This paper delves into text-guided 3D model generation models that are predicated on text-to-image priors, examining their underlying principles, technical frameworks, and practical effectiveness across various application scenarios. Through these investigations, we aim to provide new perspectives and insights into the field of 3D modeling, propelling continuous technological innovation and advancement.

Looking ahead, the integration of large-scale models and deep learning into 3D content generation holds great promise. AI can enhance the accuracy and efficiency of 3D modeling processes, enabling the creation of more realistic and complex models with less manual intervention. Deep learning techniques can improve facial recognition, expression capture, and animation, making avatars more lifelike and expressive.

II 3D Technologies

II-A 3D Representation

3D representation is vital in computer graphics, enabling the digital visualization and manipulation of three-dimensional objects and scenes. Different methods of 3D representation offer varying degrees of detail, efficiency, and application suitability. Here, we delve into several key types of 3D representations, including Explicit Representations, Point Clouds, and Voxels.

Explicit Representations

Explicit representations define 3D objects with precise mathematical descriptions. This category includes mesh-based methods, which represent surfaces using vertices, edges, and faces. Meshes are widely used due to their flexibility and efficiency in rendering.

Meshes, Point Clouds and Voxels

A mesh is composed of polygons, typically triangles, which are connected by their edges and vertices to form the surface of a 3D object. Meshes are favored in applications requiring detailed and smooth surfaces, such as video games, animations, and simulations. They allow for efficient rendering[22, 23] and easy manipulation but can become complex when representing highly detailed surfaces.

Point clouds[24, 25, 25] represent 3D shapes as collections of discrete points in space. Each point has specific (x, y, z) coordinates and often includes attributes like color or normal vectors. Point clouds are useful in scanning and reconstruction applications, as they capture surface geometry directly from real-world scans. They are employed in fields like autonomous driving, where LiDAR sensors generate point cloud data to represent the environment. However, point clouds can be sparse and may require significant processing to convert into other forms of representation, like meshes or voxel grids, for further use. The lack of explicit connectivity between points can complicate operations like surface reconstruction and rendering.

Voxels[26, 27, 28], or volumetric pixels, are the 3D equivalent of pixels in a 2D image. They divide the 3D space into a grid of small cubes, each storing information about the material present at that location. Voxel grids are suitable for applications requiring uniform space representation. They handle complex topologies and internal structures of objects well. However, their memory consumption is high, as high-resolution voxel grids can become very large. This makes them less efficient for detailed surface representations compared to meshes. Advancements in sparse voxel representations and efficient storage techniques are mitigating these issues.

II-B NeRF and 3DGS

Neural Radiance Fields (NeRF)[29, 30, 31, 32] synthesize novel views of complex 3D scenes from sparse sets of 2D images. NeRF represents a scene using a continuous 5D function mapping spatial coordinates and viewing directions to color and density values. This enables photorealistic image creation from new viewpoints by interpolating between input images. NeRF employs a fully-connected neural network to optimize a volumetric scene function, accumulating colors and densities to form a 2D image.
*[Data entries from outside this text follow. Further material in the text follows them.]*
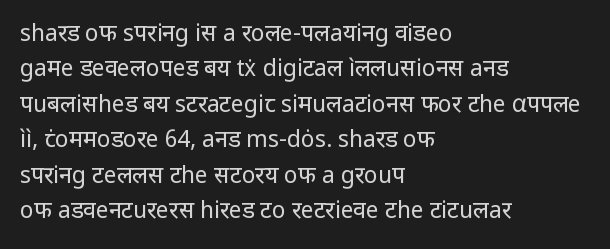
Q: Is the text bold? A: No.
Q: Is the text italic (slanted)? A: No, it is upright.
Q: Is the text underlined? A: No.
Q: How is the paragraph aligned? A: Left-aligned.
Q: Is the spacing between letters normal or unusually wide? A: Normal.
Q: Is the spacing between lines tight, normal or loose? A: Normal.
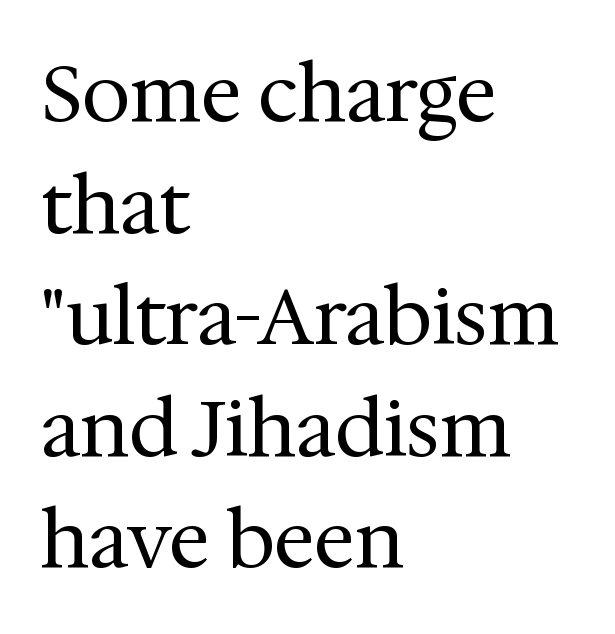
Q: Is the text bold? A: No.
Q: Is the text italic (slanted)? A: No, it is upright.
Q: Is the typeface a serif or a sans-serif typeface? A: Serif.
Q: Is the text underlined? A: No.
Q: How is the paragraph aligned? A: Left-aligned.
Q: Is the spacing between letters normal or unusually wide? A: Normal.
Q: Is the spacing between lines tight, normal or loose? A: Normal.
Q: Width (condensed, normal, or wide)? A: Normal.
Q: Stroke contrast? A: Medium.
Q: x-height? A: Medium.
Q: Monospaced? A: No.
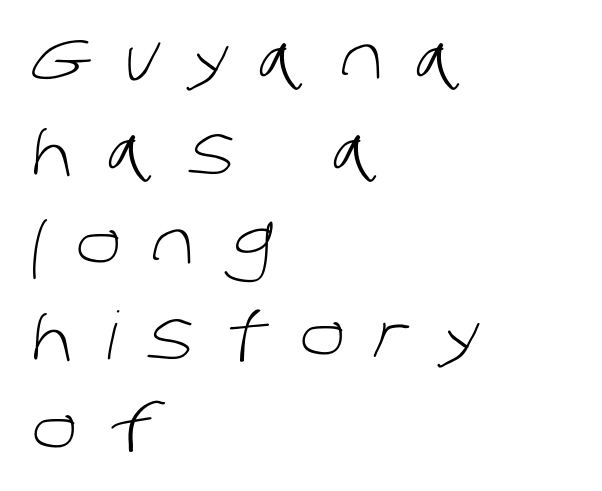
Q: Is the text bold? A: No.
Q: Is the typeface a serif or a sans-serif typeface? A: Sans-serif.
Q: Is the text underlined? A: No.
Q: How is the paragraph aligned? A: Left-aligned.
Q: Is the spacing between letters normal or unusually wide? A: Unusually wide.
Q: Is the spacing between lines tight, normal or loose? A: Normal.
Q: Width (condensed, normal, or wide)? A: Normal.
Q: Stroke contrast? A: Low.
Q: x-height? A: Large.
Q: Monospaced? A: No.
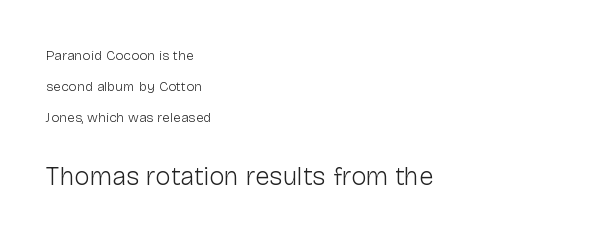
Q: Is the text bold? A: No.
Q: Is the text italic (slanted)? A: No, it is upright.
Q: Is the text underlined? A: No.
Q: How is the paragraph aligned? A: Left-aligned.
Q: Is the spacing between letters normal or unusually wide? A: Normal.
Q: Is the spacing between lines tight, normal or loose? A: Loose.
Q: Which block of text is set in a larger size, the first (top) or the second (bottom)? A: The second (bottom) one.
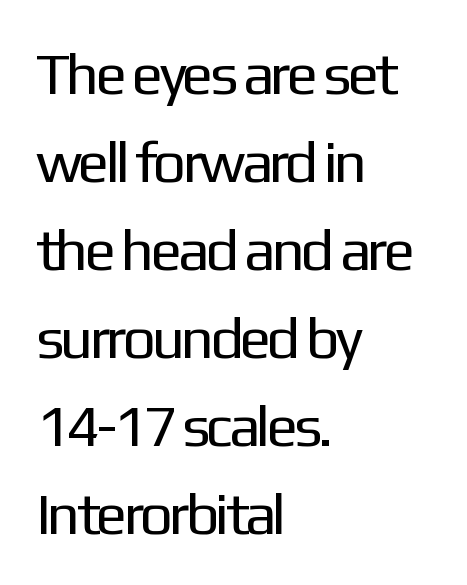
Q: Is the text bold? A: No.
Q: Is the text italic (slanted)? A: No, it is upright.
Q: Is the typeface a serif or a sans-serif typeface? A: Sans-serif.
Q: Is the text underlined? A: No.
Q: How is the paragraph aligned? A: Left-aligned.
Q: Is the spacing between letters normal or unusually wide? A: Normal.
Q: Is the spacing between lines tight, normal or loose? A: Normal.
Q: Width (condensed, normal, or wide)? A: Normal.
Q: Stroke contrast? A: Low.
Q: x-height? A: Medium.
Q: Monospaced? A: No.
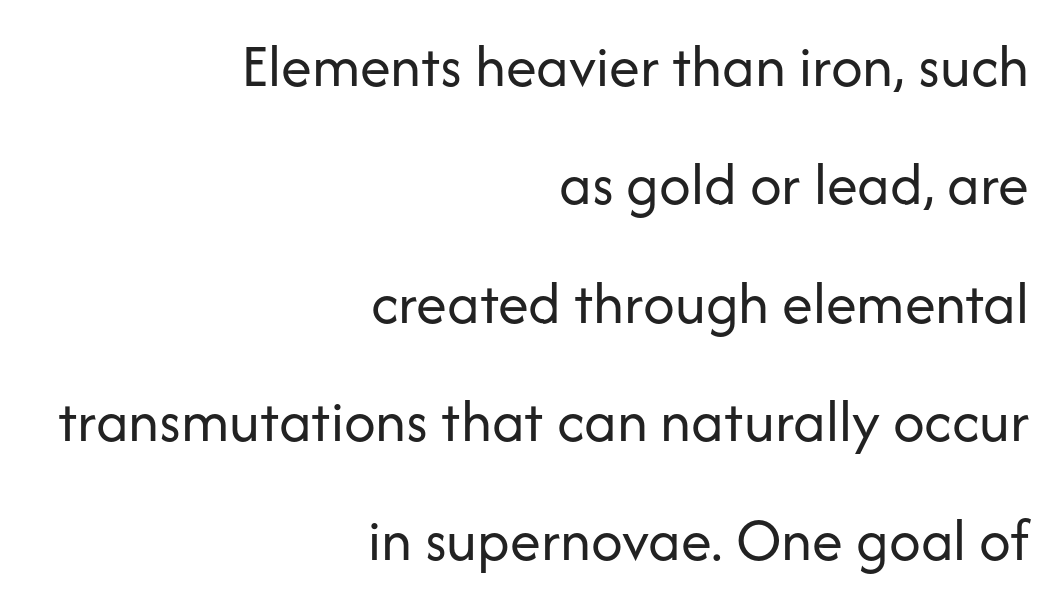
{"serif": "no", "italic": "no", "bold": "no", "weight": "regular", "width": "normal", "stroke_contrast": "low", "x_height": "medium", "monospaced": "no", "underline": "no", "align": "right", "line_spacing": "loose", "line_spacing_ratio": 1.91, "letter_spacing": "normal", "letter_spacing_em": 0.0, "glyph_px": 62}
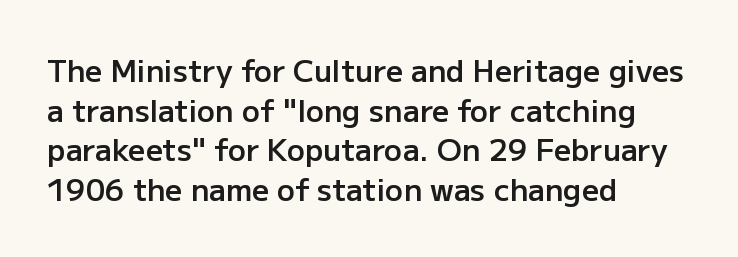
Does the leading feel generous? No, just average. Every letter is mildly thick-stroked: semibold rather than bold. Looks like regular typesetting: each glyph gets only the width it needs. The face used here is rendered with its standard letterfit. Typographically, this falls in the sans-serif category. Quick note: underline off.

The process involves marching rays through the scene, sampling 3D points, and predicting color and density values using the neural network, allowing high-fidelity reconstructions with intricate details and realistic lighting. Classic NeRF has limitations, such as long training times and the need to train a new model for each scene. Extensions like InstantNeRF[33], which uses a multiresolution hash table to accelerate training, and PixelNeRF[34], which leverages convolutional neural networks for view synthesis from a single image, address these challenges.

3D Gaussian Splatting[35, 36, 9, 37, 38] is a sophisticated volumetric rendering technique used for creating and manipulating intricate visual effects within a three-dimensional space. This method involves ”splatting” Gaussian distributions throughout the volume data to simulate the impact of light sources, material properties, and geometric shapes on a scene. Each Gaussian distribution, or ”splat,” represents a minuscule volumetric element of the scene, encapsulating attributes such as color, density, and transparency. By blending these splats, 3D Gaussian Splatting can produce highly realistic imagery, making it a valuable tool for applications in computer graphics, visual effects, and scientific visualization. Potential applications range from virtual property tours and urban planning to creating photorealistic avatars for telepresence in VR environments.

II-C Diffusion Models

Diffusion models are generative models based on the idea of reversing a diffusion process, transforming data from a simple initial distribution to a complex target distribution. The diffusion process involves gradually adding noise to data, while the reverse process denoises it to generate new samples.

Forward Process (Diffusion)

The forward process can be described as a Markov chain where noise is added to the data at each time step. This is represented by the following equation:

q(x_{t}|x_{t-1})=\mathcal{N}(x_{t};\sqrt{1-\beta_{t}}x_{t-1},\beta_{t}\mathbf{%I})

Here:- $x_{t}$ is the data at time step $t$ .- $\beta_{t}$ is a variance schedule controlling the amount of noise added.- $\mathcal{N}$ denotes a Gaussian distribution.

The forward process starts from the original data $x_{0}$ and progressively adds noise:

q(x_{t}|x_{0})=\mathcal{N}(x_{t};\sqrt{\bar{\alpha}_{t}}x_{0},(1-\bar{\alpha}_%{t})\mathbf{I})

where:- $\bar{\alpha}_{t}=\prod_{s=1}^{t}(1-\beta_{s})$ .

Reverse Process (Denoising)

The reverse process learns to denoise the data, moving from the noisy data $x_{t}$ back to the original data $x_{0}$ . The reverse process is parameterized by a neural network $p_{\theta}$ :

p_{\theta}(x_{t-1}|x_{t})=\mathcal{N}(x_{t-1};\mu_{\theta}(x_{t},t),\sigma^{2}%_{t}\mathbf{I})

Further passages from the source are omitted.